NEW YORK — There were no kung fu fights, but big AOL Time Warner shareholders made it crystal clear Friday they’d like Steve Case and a few other directors off the board of the world’s biggest media company.
Yet the entire management-backed slate was re-elected as the conglom’s annual stockholder meeting morphed into a forum on corporate governance — testing the patience of a determinedly congenial Richard Parsons.
He would surely have liked to dwell on “The Matrix,” which went on to gross $136 million Thursday-Sunday. “That’s going to be huge –and that’s good news for all of us,” Parsons said, singling out Warner Bros. and HBO as the heart and profit center of the giant company.
Event took place in Landsdowne, Va., the heart of AOL country, not in Gotham, where it’s usually held. In what was likely a unique experience for Steve Case lately, the AOL founder got a standing ovation after brief remarks as he stepped down as chairman.

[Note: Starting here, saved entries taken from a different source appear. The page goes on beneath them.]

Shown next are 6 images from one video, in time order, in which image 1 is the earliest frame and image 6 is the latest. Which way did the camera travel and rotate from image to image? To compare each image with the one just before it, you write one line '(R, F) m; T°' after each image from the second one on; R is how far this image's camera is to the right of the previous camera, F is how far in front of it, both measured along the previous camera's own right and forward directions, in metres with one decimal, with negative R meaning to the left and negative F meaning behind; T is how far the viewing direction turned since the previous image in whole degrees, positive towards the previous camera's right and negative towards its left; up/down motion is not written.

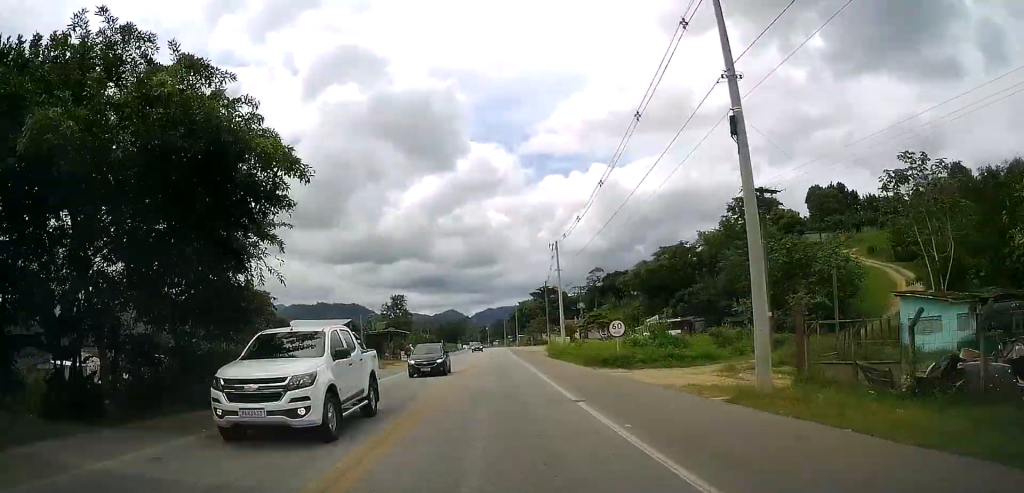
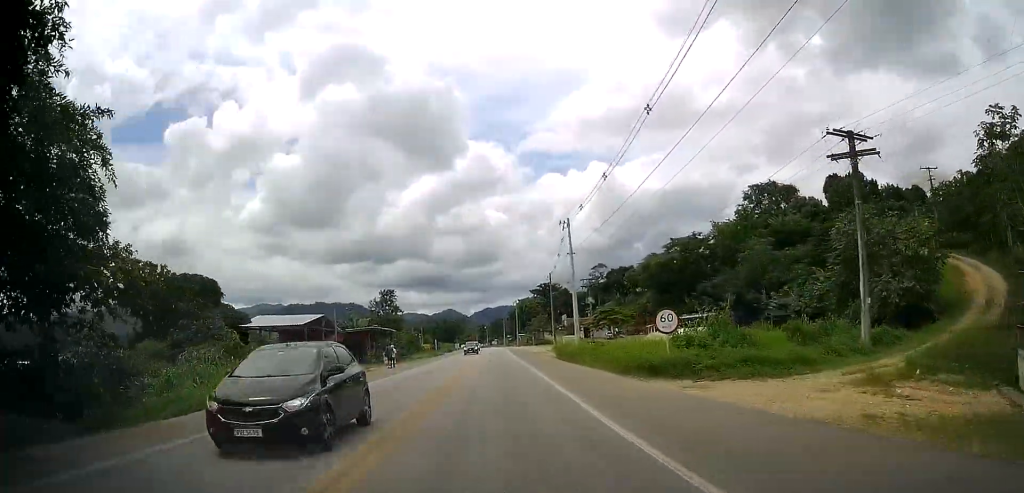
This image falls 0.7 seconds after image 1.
(+0.3, +9.6) m; +1°
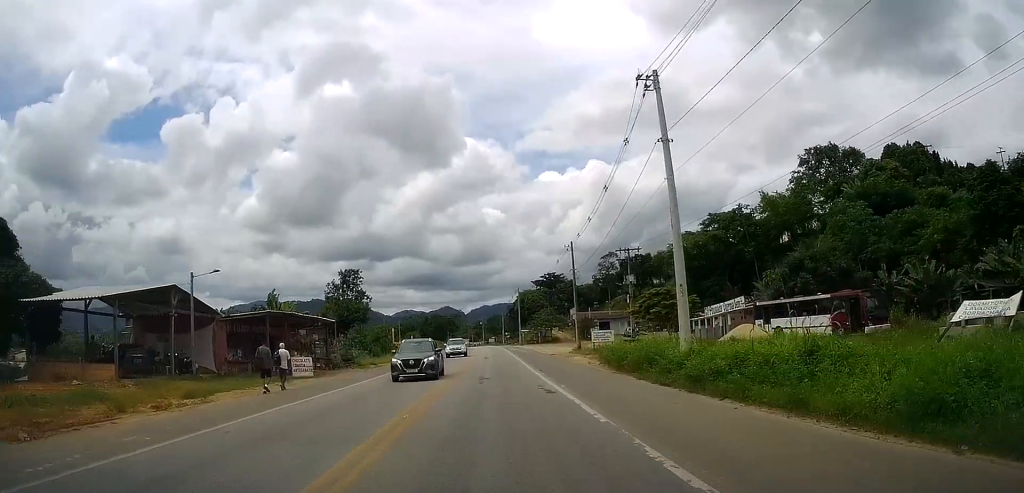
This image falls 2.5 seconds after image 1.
(0.0, +25.0) m; 0°
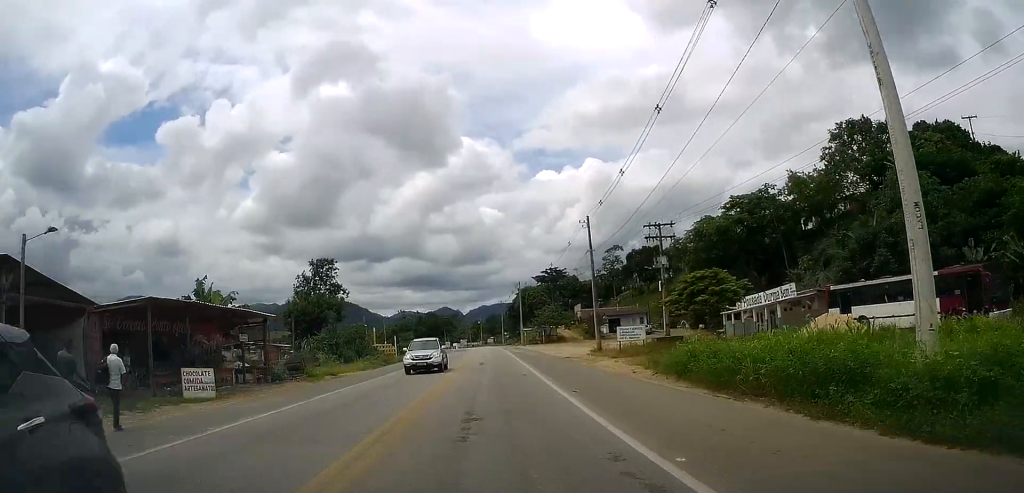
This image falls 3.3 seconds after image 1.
(0.0, +11.4) m; 0°
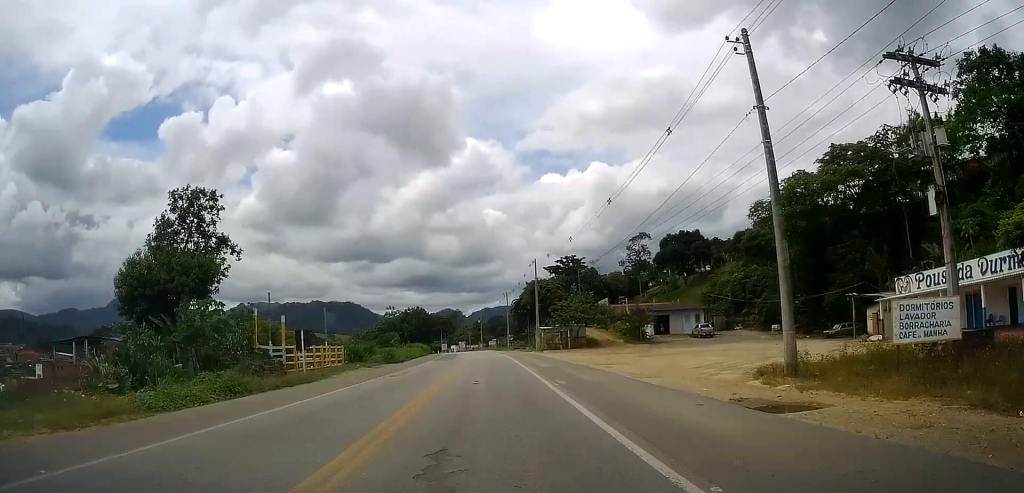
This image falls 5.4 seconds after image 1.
(0.0, +30.0) m; 0°
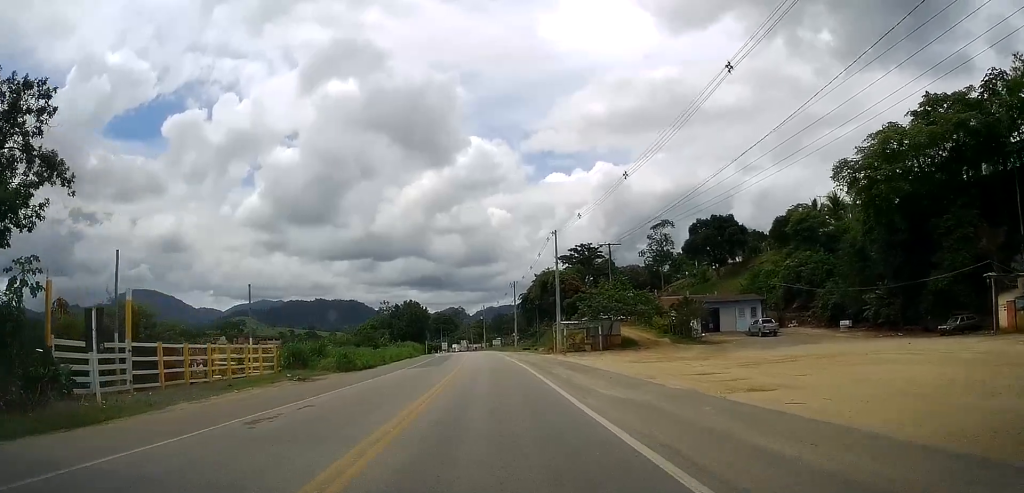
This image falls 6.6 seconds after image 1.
(0.0, +17.3) m; 0°

“Where are we? Are we in Virginia? Somehow I feel we’re not in New York,” joked Parsons, who will assume the chairman title. He greeted hundreds of shareholders as they walked in and took pains during Q&A to call them by their first names, even as they grilled the company for “hiding behind technical rules that deny shareholders a voice” on the board.
Shareholder meetings are notorious for drawing nut jobs and rabble-rousers who complain about everything from a CEO’s suit to the quality of the pastries in the lobby. But the AOL TW meet was coherent and steadily on message.

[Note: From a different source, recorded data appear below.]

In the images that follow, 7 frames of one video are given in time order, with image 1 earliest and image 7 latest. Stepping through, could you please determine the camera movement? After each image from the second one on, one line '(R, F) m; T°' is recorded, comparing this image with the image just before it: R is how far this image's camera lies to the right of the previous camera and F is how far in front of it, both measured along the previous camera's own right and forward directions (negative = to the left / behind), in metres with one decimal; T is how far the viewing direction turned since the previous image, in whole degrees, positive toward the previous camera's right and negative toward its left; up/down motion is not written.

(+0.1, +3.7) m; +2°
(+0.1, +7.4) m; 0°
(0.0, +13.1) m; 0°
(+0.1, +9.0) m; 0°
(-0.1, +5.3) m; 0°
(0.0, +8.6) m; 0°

Who sits on boards and how they get there has become a hot-button issue among shareholder activists across all industries. They blame directors for rubber-stamping exorbitant compensation packages and questionable business decisions by executives who, in many cases, are friends and former colleagues.
Walt Disney’s board, long seen as handpicked by Michael Eisner, has been under fire for years. Vivendi Universal’s board was excoriated at the French conglom’s annual meeting in Paris last month. Now, it may be AOL Time Warner’s turn.
Companies present a list of director nominees in the so-called proxy statement mailed to stockholders each year before the annual meeting.
Shareholders can’t vote against a director; they can only vote yes or abstain. They can try to propose an opposition slate or individual, but the process, a proxy battle, is exceedingly costly — running over $1 million according to one pension fund that considered it — and complex.
“I don’t have the time for that. I’ve go to work,” said a portfolio manager who withheld his vote from Case in a protest move.
Case was re-elected to the board with a vote of 78%. Two former advisors, Miles Gilburne and Kenneth Novack, received, respectively, 65% and 82%. Other directors cleared 96% or 97% — numbers much more typical.
Parsons acknowledged to reporters after the meeting, “Numbers talk.” But, he said, “I can’t tell you what it means to the board.”
Reps of the American Federation of State, County and Municipal Employees at the meeting Friday said they asked the company to open up its proxy voluntarily and free of cost to qualified outside nominees. Parsons’ answer: The company doesn’t have to, so it won’t. AOL TW followed its own by-laws and existing SEC regulations, he said.
One fund manager said he’s convinced Case at least can be pressured to leave the board, just as was pushed to step down as chairman. “The heat works,” he said.
Case announced plans to leave management two month ago under intense pressure from shareholders and employees of the former Time Warner who blame him for a decimated stock, an army of lawsuits and federal probes of AOL’s accounting. For AOL shareholders, he arguably pulled off a miracle by hitching AOL to some stable assets before Internet stocks and AOL’s growth prospects crashed.
The last few years “have been difficult and disappointing, and nobody is happy about the stock price,” Case said. But he didn’t cry. Gerald Levin, the other architect of the AOL TW merger, was visibly teary at last year’s annual meeting, where he resigned as CEO.
Many on Wall Street credit Parsons with pulling the company out of financial and emotional trough by selling $2 billion worth of assets, putting new management in place and jetting around the country and the world to meet with employees to boost morale.